■ About this exercise ■
Produce a word-for-word copy of the data that follows, excluding images.

Stored dataset items:

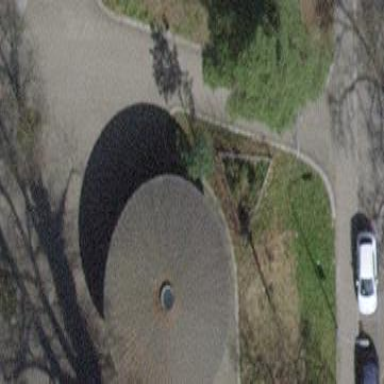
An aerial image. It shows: View of roof of building.
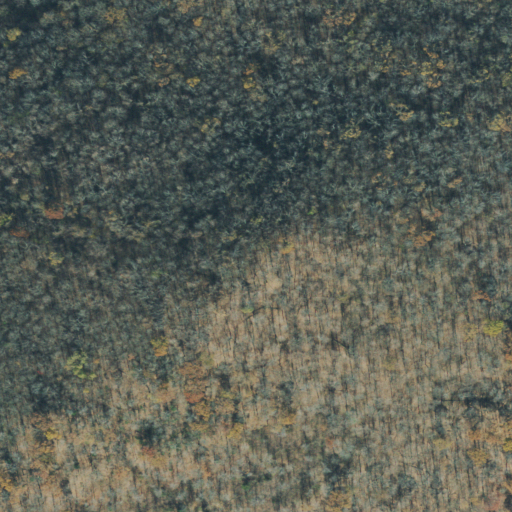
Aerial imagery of mountain in Tennessee named Versailles Knob containing only deciduous forest
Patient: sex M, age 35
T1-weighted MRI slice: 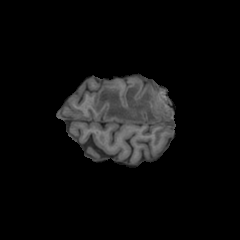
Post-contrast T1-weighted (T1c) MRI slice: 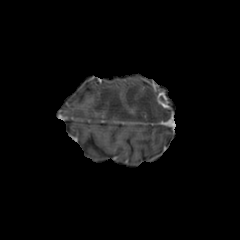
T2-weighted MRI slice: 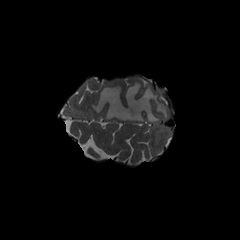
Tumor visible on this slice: yes
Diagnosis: Glioblastoma, IDH-wildtype
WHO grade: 4

■ Exercise answer ■
An aerial image. It shows: View of roof of building.
Aerial imagery of mountain in Tennessee named Versailles Knob containing only deciduous forest
Patient: sex M, age 35
T1-weighted MRI slice: 
Post-contrast T1-weighted (T1c) MRI slice: 
T2-weighted MRI slice: 
Tumor visible on this slice: yes
Diagnosis: Glioblastoma, IDH-wildtype
WHO grade: 4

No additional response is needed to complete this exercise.